I did a sampling of audit logs (random two jobs per day over the last month, and I got the following stats for duration spread for disruption sampling requests:
========================================================================================================================
CI JOB AUDIT LOG ANALYSIS - DAILY STATISTICS
External Backend Sampler Requests to /api/v1/namespaces/default
========================================================================================================================
Date Count Avg (ms) Max (ms) P50 (ms) P75 (ms) P95 (ms)

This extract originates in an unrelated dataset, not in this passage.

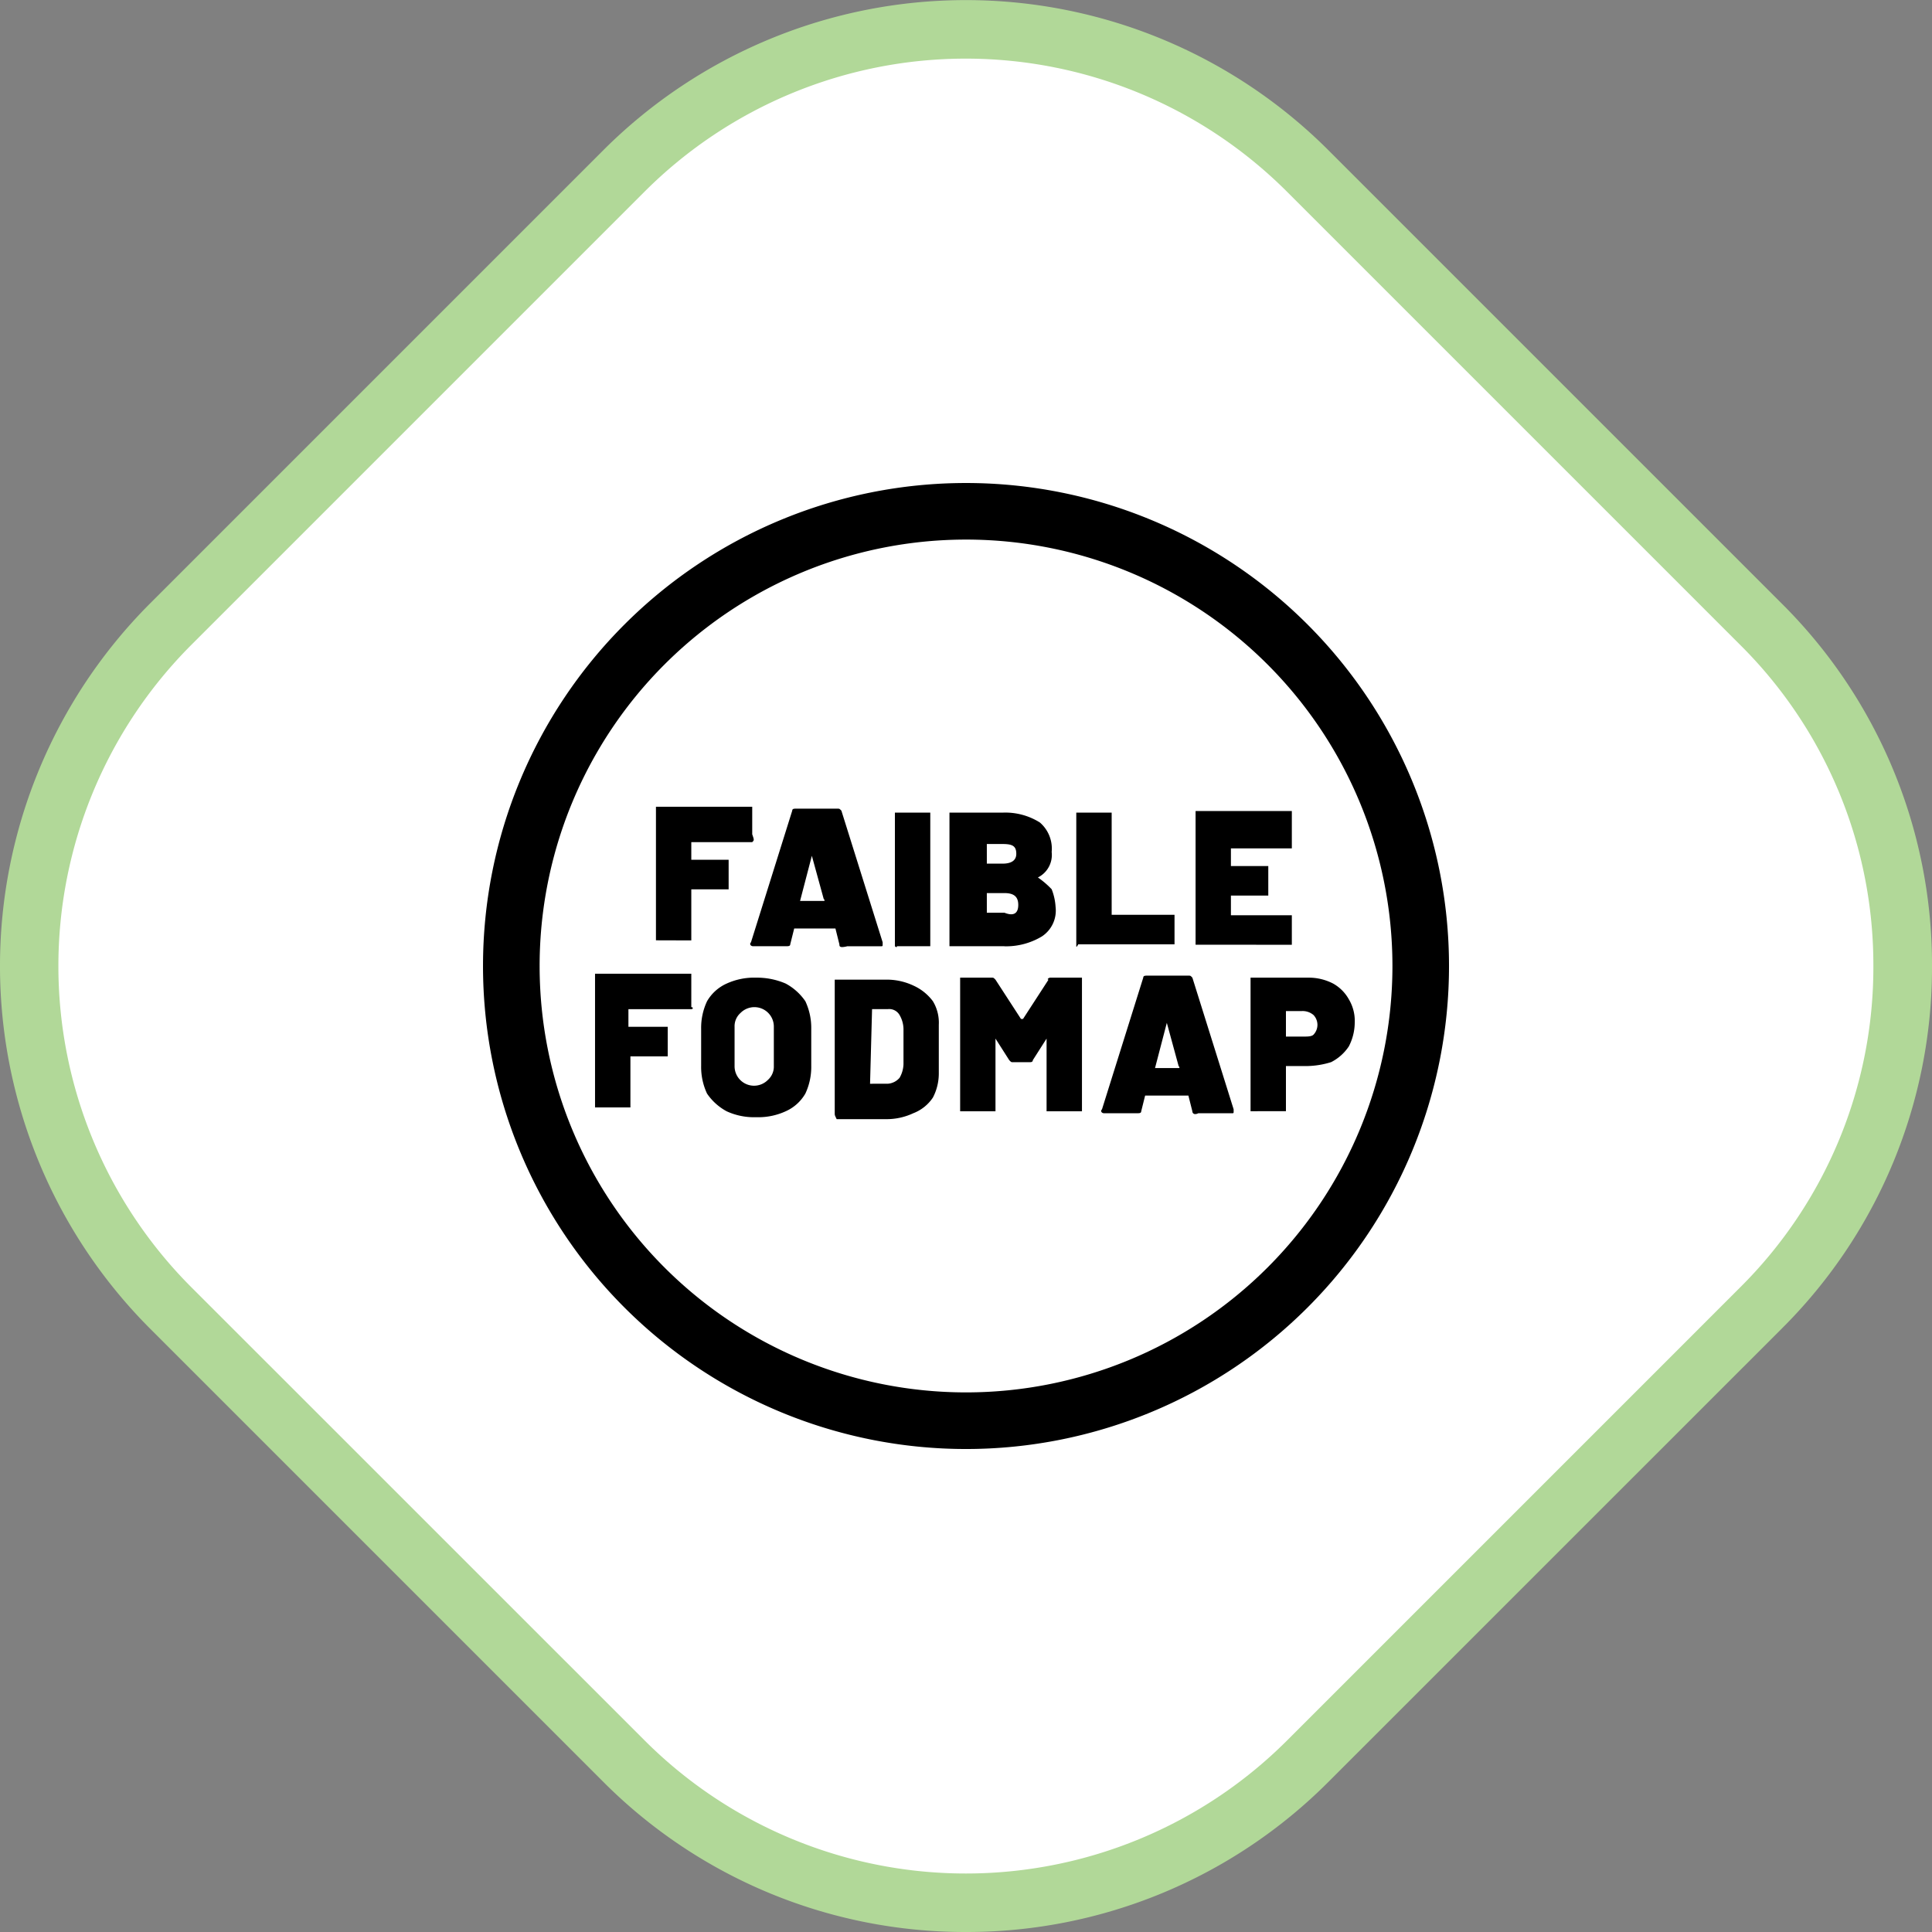 <svg xmlns="http://www.w3.org/2000/svg" width="192" height="192" viewBox="0 0 192 192"><rect x="0" y="0" width="192" height="192" fill="#808080" stroke="none"/><defs><style>.a{fill:#fff;}.b{fill:#b1d898;}.c{stroke:rgba(0,0,0,0);stroke-miterlimit:10;}</style></defs><path class="a" d="M-181.52,721.016l-45.1-45.1a48.019,48.019,0,0,1,0-67.9l45.1-45.1a48,48,0,0,1,67.888,0l45.1,45.1a48.019,48.019,0,0,1,.006,67.9l-.006.005-45.1,45.095a48,48,0,0,1-67.888,0" transform="translate(243.562 -545.963)"/><path class="b" d="M-147.576,737.963a50.742,50.742,0,0,1-36-14.89l-45.1-45.1a50.986,50.986,0,0,1,0-72.012l45.1-45.1a50.968,50.968,0,0,1,72,0l45.1,45.1a50.588,50.588,0,0,1,14.915,36.007A50.593,50.593,0,0,1-66.4,677.905l-.073.074-45.1,45.094A50.753,50.753,0,0,1-147.576,737.963Zm-31.887-19a45.147,45.147,0,0,0,63.774,0l45.1-45.1a44.813,44.813,0,0,0,13.2-31.894,44.8,44.8,0,0,0-13.211-31.892l-45.1-45.1a45.144,45.144,0,0,0-63.774,0l-45.1,45.1a45.161,45.161,0,0,0,0,63.783Z" transform="translate(243.562 -545.963)"/><g transform="translate(47.999 48)"><path class="c" d="M0,48A48,48,0,1,1,48,96,48,48,0,0,1,0,48Zm5.626,0A42.376,42.376,0,1,0,48,5.622,42.376,42.376,0,0,0,5.626,48Zm34.4,15.22H35.147c-.193-.393-.193-.393-.193-.589V49.355h5.075a6.21,6.21,0,0,1,2.734.586A4.945,4.945,0,0,1,44.71,51.5a4.131,4.131,0,0,1,.586,2.345v4.883a5.161,5.161,0,0,1-.586,2.344,4.1,4.1,0,0,1-1.951,1.559,6.25,6.25,0,0,1-2.643.589Zm.2-3.521a1.694,1.694,0,0,0,1.172-.589,2.866,2.866,0,0,0,.389-1.365V54.237a2.866,2.866,0,0,0-.389-1.365,1.184,1.184,0,0,0-1.172-.586H38.664l-.2,7.415ZM27.149,63.024a6.491,6.491,0,0,1-2.934-.586,5.521,5.521,0,0,1-1.951-1.758,6.2,6.2,0,0,1-.586-2.735V54.237a6.223,6.223,0,0,1,.586-2.735,4.267,4.267,0,0,1,1.951-1.758,6.593,6.593,0,0,1,2.934-.586,7.184,7.184,0,0,1,2.93.586A5.541,5.541,0,0,1,32.034,51.5a6.235,6.235,0,0,1,.586,2.735v3.709a6.212,6.212,0,0,1-.586,2.735,4.245,4.245,0,0,1-1.955,1.758,6.5,6.5,0,0,1-2.7.591C27.3,63.029,27.225,63.027,27.149,63.024ZM25.581,52.675A1.757,1.757,0,0,0,25,54.039v3.907a1.934,1.934,0,0,0,3.316,1.369,1.769,1.769,0,0,0,.586-1.369V54.039a1.931,1.931,0,0,0-1.913-1.951h-.013A1.943,1.943,0,0,0,25.581,52.675Zm44.913,9.763L70.1,60.876h-4.3l-.389,1.562c0,.193-.2.193-.393.193H61.706c-.192,0-.389-.193-.192-.39l4.1-13.083c0-.2.2-.2.393-.2h4.1c.2,0,.2,0,.389.2l4.1,13.083v.2c0,.193,0,.193-.2.193H71.08a.665.665,0,0,1-.294.081A.272.272,0,0,1,70.494,62.438Zm-3.71-4.295h2.345s.193,0,0-.2l-1.172-4.295ZM56.007,62.438V55.212L54.638,57.36c0,.2-.2.2-.388.2H52.687c-.192,0-.192,0-.389-.2l-1.369-2.148v7.226H47.417V49.158H50.54c.193,0,.193,0,.389.2l2.535,3.906h.2L56.2,49.355c-.189,0,0-.2.2-.2h3.123v13.28Zm20.271-.008V49.158h5.858a5.248,5.248,0,0,1,2.347.586,4.034,4.034,0,0,1,1.562,1.565,4.186,4.186,0,0,1,.586,2.341,5.217,5.217,0,0,1-.586,2.337,4.615,4.615,0,0,1-1.758,1.565,8.441,8.441,0,0,1-2.345.389H79.794v4.488Zm3.516-7.419h1.562c.586.007.979.007,1.179-.189a1.416,1.416,0,0,0,0-1.951,1.662,1.662,0,0,0-1.172-.393H79.794Zm-68.661,7.04V48.769H20.7v3.319c.2,0,.2.2,0,.2H14.451v1.754h3.906v2.938H14.649v5.075Zm29.8-16.018V32.758h3.516V46.035H41.135c0,.065-.023.088-.051.088C41.025,46.122,40.937,46.035,40.937,46.035Zm-5.519-.2-.389-1.559h-4.1l-.389,1.559c0,.2-.2.2-.39.2H26.83c-.2,0-.39-.2-.2-.389l4.1-13.081c0-.2.2-.2.393-.2h4.1c.2,0,.2,0,.393.2l4.1,13.081v.193c0,.2,0,.2-.193.2H36.2a2.252,2.252,0,0,1-.506.082C35.417,46.117,35.418,45.977,35.418,45.839Zm-1.555-4.3s.2,0,0-.193l-1.179-4.292-1.171,4.485Zm25.1,4.492V32.758h3.516V42.912h6.247v2.934h-9.57c-.1.191-.144.239-.168.239S58.959,46.035,58.959,46.035Zm-7.135.007H46.356V32.758h5.275a6.438,6.438,0,0,1,3.709.979,3.429,3.429,0,0,1,1.173,2.93A2.5,2.5,0,0,1,55.144,39.2a8.6,8.6,0,0,1,1.369,1.172,5.689,5.689,0,0,1,.389,1.759,3.072,3.072,0,0,1-1.365,2.931,6.9,6.9,0,0,1-3.546.981C51.935,46.044,51.88,46.044,51.824,46.041Zm-1.754-3.327h1.754c.979.394,1.369,0,1.369-.778s-.39-1.174-1.369-1.174H50.069Zm0-4.878h1.562c.976,0,1.365-.393,1.365-.976,0-.782-.389-.975-1.365-.975H50.069Zm20.744,8.055V32.6H80.38v3.709H74.326v1.759H78.04V41H74.326v1.955H80.38v2.935Zm-53.627-.436V32.172h9.567v2.734c.2.587.2.587,0,.783H20.7v1.755h3.71v2.934H20.7v5.078Z" transform="translate(0.002 0.001)"/></g></svg>

------------------------------------------------------------------------------------------------------------------------
2026-01-18 166,984 25.35 21289.07 1.37 2.97 7.59
2026-01-19 125,542 23.81 20509.70 1.09 2.08 8.51
2026-01-20 164,487 28.12 18813.35 1.26 3.08 8.37
2026-01-21 125,150 28.91 26632.49 1.21 2.22 6.02
2026-01-22 165,007 27.42 26904.09 1.25 2.16 6.45
2026-01-23 117,876 35.16 27204.11 1.15 2.29 7.06
2026-01-24 163,768 29.36 25192.02 1.32 3.28 8.24
2026-01-25 117,789 25.55 19749.69 1.24 2.17 5.73
2026-01-26 123,434 31.51 27204.24 1.14 1.95 6.35
2026-01-27 181,160 28.09 27213.22 1.44 3.08 7.47
2026-01-28 120,696 33.98 25690.80 1.27 2.46 7.16
2026-01-29 169,796 30.91 27203.09 1.25 2.68 7.08
2026-01-30 169,850 50.86 27206.23 1.15 2.01 5.88
2026-01-31 171,065 41.15 27203.45 1.22 2.70 6.80
2026-02-01 168,144 41.96 27203.67 1.28 2.31 6.00
2026-02-02 166,340 40.36 27204.00 1.23 2.86 7.74
2026-02-03 167,057 47.34 27204.83 1.15 1.96 7.55
2026-02-04 78,627 44.51 27204.10 1.35 2.56 6.56
2026-02-05 82,668 50.67 27204.72 1.82 3.99 10.01
2026-02-06 41,012 46.98 27203.31 1.16 1.92 6.97
2026-02-07 80,345 39.23 27202.67 1.25 2.16 6.74
2026-02-08 84,740 49.79 27203.42 1.72 3.80 8.75
2026-02-10 158,116 40.56 27203.97 1.29 3.08 7.57
2026-02-11 161,153 52.16 27205.30 1.12 2.19 4.99
2026-02-12 121,335 39.61 27204.22 1.34 2.51 6.53
2026-02-13 159,448 41.19 27203.65 1.30 3.01 8.35
2026-02-14 168,968 36.88 26081.77 1.25 2.82 7.54
2026-02-15 162,469 44.76 27203.33 1.29 3.16 7.77
2026-02-16 114,157 48.78 27204.22 1.34 2.40 6.67
2026-02-17 115,979 45.98 27203.84 1.26 2.21 6.78
------------------------------------------------------------------------------------------------------------------------
Here are a few questions
- What caused the behavior change?
- Is the disk usage following the same trend as the disruption dashboard?
- Is there any change in openshift-apiserver or maybe openshift-oauth during operator update that can explain the disk usage?
- We have changes in origin that sets the timeout value to be 34s. We did this because it was supposed to be the timeout value kube-apiserver allows. Is there a change somewhere that we are only allowed 27s now?